**TO DO:** Up to and including the line with "391.34c-6.281 0-12.363 1.84-17.586", write out the listing from its first line, minus the pictures.

**MATERIAL SHOWN:**
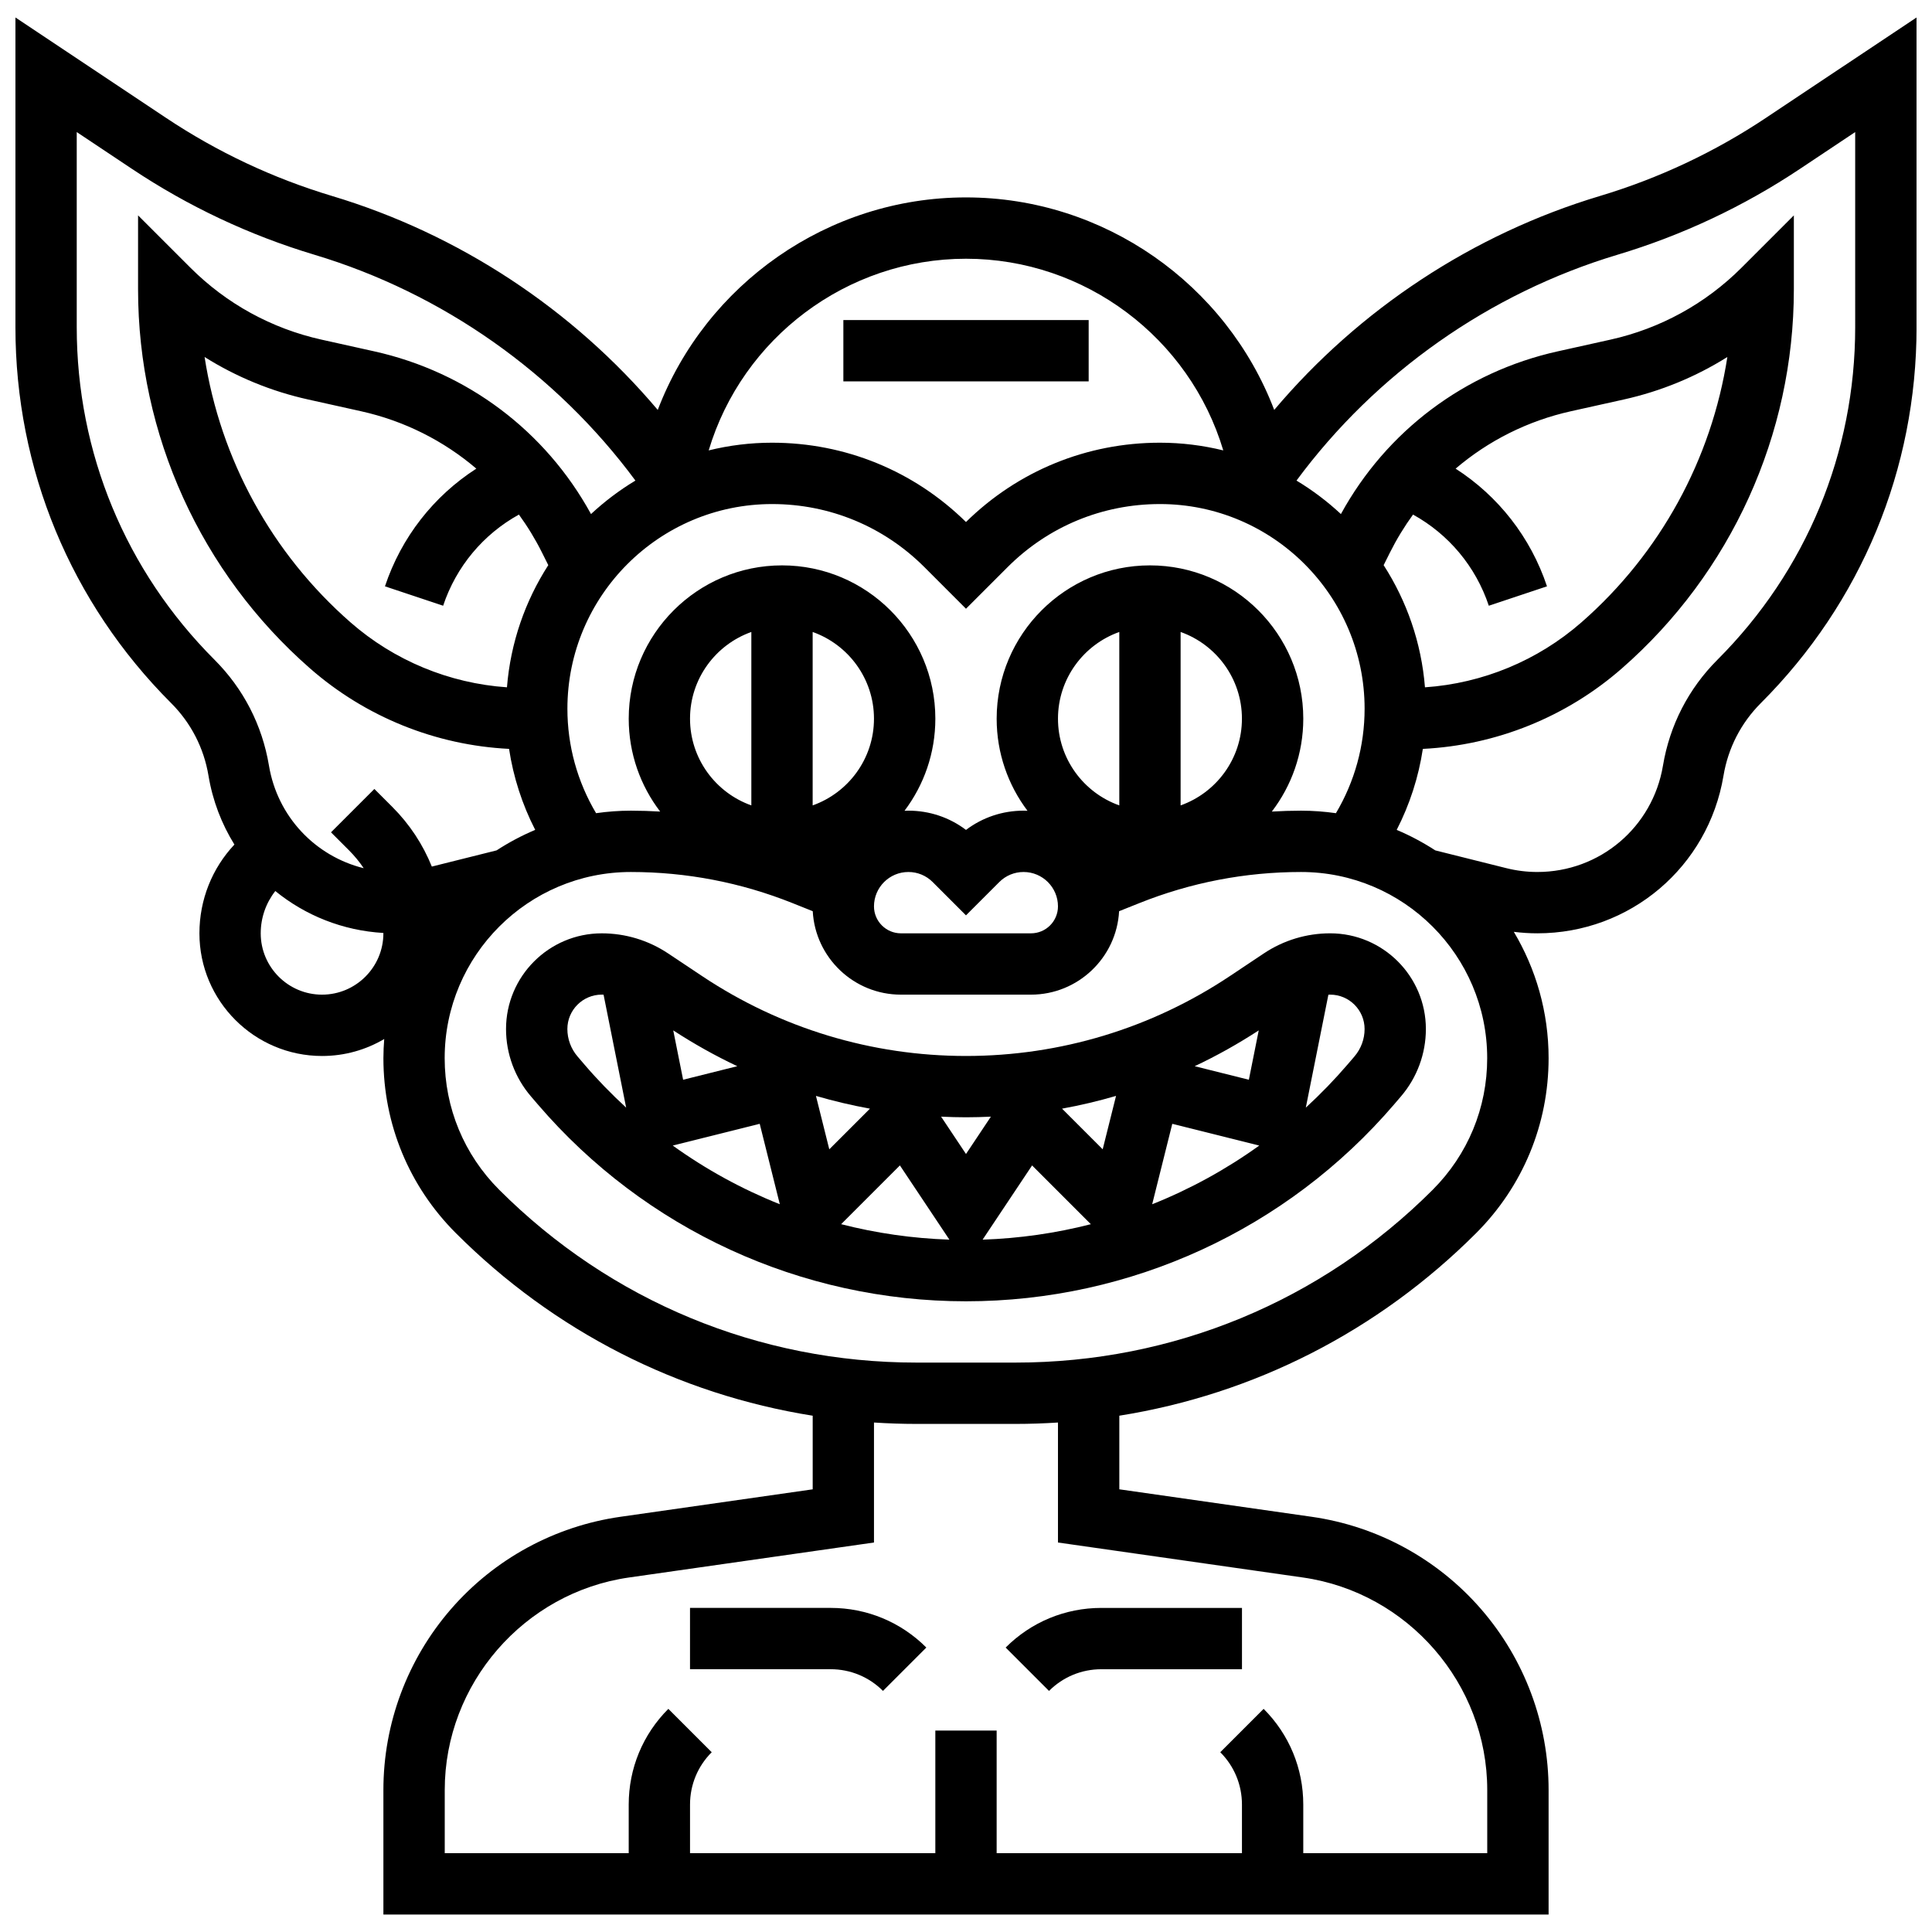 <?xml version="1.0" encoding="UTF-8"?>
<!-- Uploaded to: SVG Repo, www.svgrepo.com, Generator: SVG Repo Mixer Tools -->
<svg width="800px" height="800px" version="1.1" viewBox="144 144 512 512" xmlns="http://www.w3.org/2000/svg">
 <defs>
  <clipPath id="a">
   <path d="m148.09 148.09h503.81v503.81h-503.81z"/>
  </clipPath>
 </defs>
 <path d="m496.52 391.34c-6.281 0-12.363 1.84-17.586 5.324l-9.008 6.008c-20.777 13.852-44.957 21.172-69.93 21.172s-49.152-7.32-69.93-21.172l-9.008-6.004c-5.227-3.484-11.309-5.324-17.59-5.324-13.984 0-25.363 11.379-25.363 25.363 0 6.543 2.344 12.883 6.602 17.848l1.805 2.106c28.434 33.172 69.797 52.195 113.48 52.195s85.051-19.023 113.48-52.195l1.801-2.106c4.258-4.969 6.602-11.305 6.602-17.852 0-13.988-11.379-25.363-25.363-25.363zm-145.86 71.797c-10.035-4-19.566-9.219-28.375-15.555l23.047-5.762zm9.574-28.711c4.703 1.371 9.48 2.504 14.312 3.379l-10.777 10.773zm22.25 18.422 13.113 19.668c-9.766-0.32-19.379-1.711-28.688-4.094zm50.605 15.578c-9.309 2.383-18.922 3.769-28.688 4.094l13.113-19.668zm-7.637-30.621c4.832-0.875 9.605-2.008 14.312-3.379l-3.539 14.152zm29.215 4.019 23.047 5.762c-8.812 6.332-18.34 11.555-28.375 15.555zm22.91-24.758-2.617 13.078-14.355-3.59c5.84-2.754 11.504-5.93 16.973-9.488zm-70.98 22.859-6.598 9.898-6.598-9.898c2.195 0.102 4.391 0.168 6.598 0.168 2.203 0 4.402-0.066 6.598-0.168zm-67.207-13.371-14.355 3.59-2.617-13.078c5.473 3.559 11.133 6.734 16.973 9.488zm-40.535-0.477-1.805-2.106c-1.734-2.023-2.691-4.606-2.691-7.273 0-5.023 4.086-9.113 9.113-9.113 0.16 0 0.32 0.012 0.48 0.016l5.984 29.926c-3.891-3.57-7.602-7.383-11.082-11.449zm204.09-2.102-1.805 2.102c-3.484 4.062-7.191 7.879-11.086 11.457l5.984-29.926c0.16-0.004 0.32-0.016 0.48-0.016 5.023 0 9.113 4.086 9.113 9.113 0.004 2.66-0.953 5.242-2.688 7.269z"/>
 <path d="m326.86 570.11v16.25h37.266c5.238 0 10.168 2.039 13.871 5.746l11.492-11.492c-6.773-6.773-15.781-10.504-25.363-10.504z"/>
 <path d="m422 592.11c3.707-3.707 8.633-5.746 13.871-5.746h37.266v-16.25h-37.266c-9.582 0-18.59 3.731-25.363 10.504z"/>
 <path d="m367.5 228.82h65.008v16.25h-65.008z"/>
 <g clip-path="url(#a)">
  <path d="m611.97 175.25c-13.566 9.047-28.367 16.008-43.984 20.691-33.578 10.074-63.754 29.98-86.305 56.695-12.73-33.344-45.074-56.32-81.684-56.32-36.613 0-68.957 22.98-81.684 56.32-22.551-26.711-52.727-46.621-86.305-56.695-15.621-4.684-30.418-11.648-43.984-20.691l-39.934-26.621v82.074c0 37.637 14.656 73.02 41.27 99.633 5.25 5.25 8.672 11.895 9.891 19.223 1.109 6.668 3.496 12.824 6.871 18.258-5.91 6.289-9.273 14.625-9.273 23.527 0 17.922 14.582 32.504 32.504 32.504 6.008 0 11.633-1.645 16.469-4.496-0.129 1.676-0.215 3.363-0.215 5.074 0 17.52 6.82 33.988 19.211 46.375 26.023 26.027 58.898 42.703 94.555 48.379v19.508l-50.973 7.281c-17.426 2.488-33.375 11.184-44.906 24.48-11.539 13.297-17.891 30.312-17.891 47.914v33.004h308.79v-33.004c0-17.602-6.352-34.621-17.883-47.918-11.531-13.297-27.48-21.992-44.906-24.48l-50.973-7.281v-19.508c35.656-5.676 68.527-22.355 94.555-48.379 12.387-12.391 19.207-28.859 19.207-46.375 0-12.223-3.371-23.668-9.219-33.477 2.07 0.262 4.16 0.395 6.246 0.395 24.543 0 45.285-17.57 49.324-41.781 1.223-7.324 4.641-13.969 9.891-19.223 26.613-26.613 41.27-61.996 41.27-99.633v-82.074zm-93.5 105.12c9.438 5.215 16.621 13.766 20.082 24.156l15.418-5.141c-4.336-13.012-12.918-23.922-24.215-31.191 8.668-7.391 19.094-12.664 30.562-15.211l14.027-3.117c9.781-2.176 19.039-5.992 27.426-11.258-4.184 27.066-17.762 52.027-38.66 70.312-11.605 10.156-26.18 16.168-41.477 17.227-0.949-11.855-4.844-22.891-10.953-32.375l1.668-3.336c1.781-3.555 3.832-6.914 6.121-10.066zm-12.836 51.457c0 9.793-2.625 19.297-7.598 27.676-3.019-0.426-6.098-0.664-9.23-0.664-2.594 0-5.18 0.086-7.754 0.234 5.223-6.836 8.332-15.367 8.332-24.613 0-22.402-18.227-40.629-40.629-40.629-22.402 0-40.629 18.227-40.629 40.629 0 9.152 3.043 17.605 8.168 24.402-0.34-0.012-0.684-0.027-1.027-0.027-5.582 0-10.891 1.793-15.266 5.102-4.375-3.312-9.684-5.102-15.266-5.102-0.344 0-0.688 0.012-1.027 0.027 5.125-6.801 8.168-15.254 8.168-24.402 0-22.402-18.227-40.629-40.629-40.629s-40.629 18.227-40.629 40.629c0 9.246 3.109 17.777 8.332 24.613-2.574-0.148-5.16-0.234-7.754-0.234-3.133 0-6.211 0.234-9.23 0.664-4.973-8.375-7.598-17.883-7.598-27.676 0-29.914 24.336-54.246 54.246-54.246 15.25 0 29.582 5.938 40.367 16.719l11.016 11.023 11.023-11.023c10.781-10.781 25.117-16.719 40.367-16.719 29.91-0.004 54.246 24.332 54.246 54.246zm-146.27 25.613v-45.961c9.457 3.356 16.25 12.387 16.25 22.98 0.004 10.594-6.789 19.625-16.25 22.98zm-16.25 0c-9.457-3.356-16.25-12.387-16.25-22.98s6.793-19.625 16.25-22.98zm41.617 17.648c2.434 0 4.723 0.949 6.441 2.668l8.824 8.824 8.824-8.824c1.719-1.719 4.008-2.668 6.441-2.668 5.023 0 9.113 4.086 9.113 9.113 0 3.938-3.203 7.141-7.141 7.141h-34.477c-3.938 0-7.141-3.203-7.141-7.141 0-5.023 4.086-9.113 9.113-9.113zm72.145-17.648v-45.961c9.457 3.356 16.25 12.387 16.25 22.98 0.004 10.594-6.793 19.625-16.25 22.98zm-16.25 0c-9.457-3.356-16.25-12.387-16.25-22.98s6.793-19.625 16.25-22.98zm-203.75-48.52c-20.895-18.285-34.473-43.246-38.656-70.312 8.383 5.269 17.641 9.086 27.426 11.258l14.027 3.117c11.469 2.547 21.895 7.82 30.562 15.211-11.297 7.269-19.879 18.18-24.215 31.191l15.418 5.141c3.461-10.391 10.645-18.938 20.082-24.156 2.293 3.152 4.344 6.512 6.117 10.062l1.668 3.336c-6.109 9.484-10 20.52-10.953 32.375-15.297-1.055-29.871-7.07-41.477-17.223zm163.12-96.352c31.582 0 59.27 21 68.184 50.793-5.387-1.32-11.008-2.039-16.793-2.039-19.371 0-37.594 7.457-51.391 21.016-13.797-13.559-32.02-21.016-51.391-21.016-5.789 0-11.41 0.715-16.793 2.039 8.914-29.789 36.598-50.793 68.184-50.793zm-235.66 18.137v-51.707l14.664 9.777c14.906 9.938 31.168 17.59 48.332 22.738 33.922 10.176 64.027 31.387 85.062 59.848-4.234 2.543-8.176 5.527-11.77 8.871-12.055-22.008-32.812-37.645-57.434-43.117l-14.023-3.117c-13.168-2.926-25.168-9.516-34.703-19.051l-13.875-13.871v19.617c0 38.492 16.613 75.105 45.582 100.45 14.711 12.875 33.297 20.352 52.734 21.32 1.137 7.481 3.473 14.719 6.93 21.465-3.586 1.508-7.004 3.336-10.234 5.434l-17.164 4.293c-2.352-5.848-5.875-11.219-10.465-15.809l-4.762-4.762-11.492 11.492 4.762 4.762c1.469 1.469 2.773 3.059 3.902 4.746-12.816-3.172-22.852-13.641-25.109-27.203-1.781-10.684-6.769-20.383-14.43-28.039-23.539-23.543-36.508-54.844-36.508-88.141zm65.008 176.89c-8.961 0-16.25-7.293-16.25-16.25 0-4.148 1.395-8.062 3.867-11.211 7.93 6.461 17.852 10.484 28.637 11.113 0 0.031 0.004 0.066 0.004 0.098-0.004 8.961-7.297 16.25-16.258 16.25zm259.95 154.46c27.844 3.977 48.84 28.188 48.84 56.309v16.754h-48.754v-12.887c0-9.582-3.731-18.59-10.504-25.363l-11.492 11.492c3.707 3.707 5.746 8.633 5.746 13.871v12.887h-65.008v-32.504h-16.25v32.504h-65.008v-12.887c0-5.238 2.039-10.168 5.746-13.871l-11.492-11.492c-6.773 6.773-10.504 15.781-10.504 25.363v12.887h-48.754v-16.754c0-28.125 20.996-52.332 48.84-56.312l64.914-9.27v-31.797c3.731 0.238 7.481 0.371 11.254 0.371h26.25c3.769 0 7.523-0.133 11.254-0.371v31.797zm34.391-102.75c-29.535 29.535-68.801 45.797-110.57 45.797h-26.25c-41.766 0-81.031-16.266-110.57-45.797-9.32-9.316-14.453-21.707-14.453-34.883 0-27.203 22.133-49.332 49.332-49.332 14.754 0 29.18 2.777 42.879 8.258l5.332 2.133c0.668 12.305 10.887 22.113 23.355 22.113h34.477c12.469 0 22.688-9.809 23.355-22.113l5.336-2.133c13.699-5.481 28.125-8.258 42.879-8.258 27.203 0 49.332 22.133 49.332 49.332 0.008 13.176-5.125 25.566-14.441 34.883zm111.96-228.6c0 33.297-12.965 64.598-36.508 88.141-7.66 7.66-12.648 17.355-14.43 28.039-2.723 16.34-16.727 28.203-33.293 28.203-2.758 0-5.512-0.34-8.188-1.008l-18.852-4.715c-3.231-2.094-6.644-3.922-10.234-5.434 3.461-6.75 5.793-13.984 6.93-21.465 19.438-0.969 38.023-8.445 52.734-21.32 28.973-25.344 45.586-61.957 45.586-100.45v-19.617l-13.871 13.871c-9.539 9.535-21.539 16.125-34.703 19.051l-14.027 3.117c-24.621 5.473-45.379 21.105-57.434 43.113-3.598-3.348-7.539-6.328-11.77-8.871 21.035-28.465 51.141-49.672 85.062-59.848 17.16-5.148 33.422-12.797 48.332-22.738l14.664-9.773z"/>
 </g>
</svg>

**FINAL ANSWER:**
 <?xml version="1.0" encoding="UTF-8"?>
<!-- Uploaded to: SVG Repo, www.svgrepo.com, Generator: SVG Repo Mixer Tools -->
<svg width="800px" height="800px" version="1.1" viewBox="144 144 512 512" xmlns="http://www.w3.org/2000/svg">
 <defs>
  <clipPath id="a">
   <path d="m148.09 148.09h503.81v503.81h-503.81z"/>
  </clipPath>
 </defs>
 <path d="m496.52 391.34c-6.281 0-12.363 1.84-17.586 5.324l-9.008 6.008c-20.777 13.852-44.957 21.172-69.93 21.172s-49.152-7.32-69.93-21.172l-9.008-6.004c-5.227-3.484-11.309-5.324-17.59-5.324-13.984 0-25.363 11.379-25.363 25.363 0 6.543 2.344 12.883 6.602 17.848l1.805 2.106c28.434 33.172 69.797 52.195 113.48 52.195s85.051-19.023 113.48-52.195l1.801-2.106c4.258-4.969 6.602-11.305 6.602-17.852 0-13.988-11.379-25.363-25.363-25.363zm-145.86 71.797c-10.035-4-19.566-9.219-28.375-15.555l23.047-5.762zm9.574-28.711c4.703 1.371 9.48 2.504 14.312 3.379l-10.777 10.773zm22.25 18.422 13.113 19.668c-9.766-0.32-19.379-1.711-28.688-4.094zm50.605 15.578c-9.309 2.383-18.922 3.769-28.688 4.094l13.113-19.668zm-7.637-30.621c4.832-0.875 9.605-2.008 14.312-3.379l-3.539 14.152zm29.215 4.019 23.047 5.762c-8.812 6.332-18.34 11.555-28.375 15.555zm22.91-24.758-2.617 13.078-14.355-3.59c5.84-2.754 11.504-5.93 16.973-9.488zm-70.98 22.859-6.598 9.898-6.598-9.898c2.195 0.102 4.391 0.168 6.598 0.168 2.203 0 4.402-0.066 6.598-0.168zm-67.207-13.371-14.355 3.59-2.617-13.078c5.473 3.559 11.133 6.734 16.973 9.488zm-40.535-0.477-1.805-2.106c-1.734-2.023-2.691-4.606-2.691-7.273 0-5.023 4.086-9.113 9.113-9.113 0.16 0 0.32 0.012 0.48 0.016l5.984 29.926c-3.891-3.57-7.602-7.383-11.082-11.449zm204.09-2.102-1.805 2.102c-3.484 4.062-7.191 7.879-11.086 11.457l5.984-29.926c0.16-0.004 0.32-0.016 0.48-0.016 5.023 0 9.113 4.086 9.113 9.113 0.004 2.66-0.953 5.242-2.688 7.269z"/>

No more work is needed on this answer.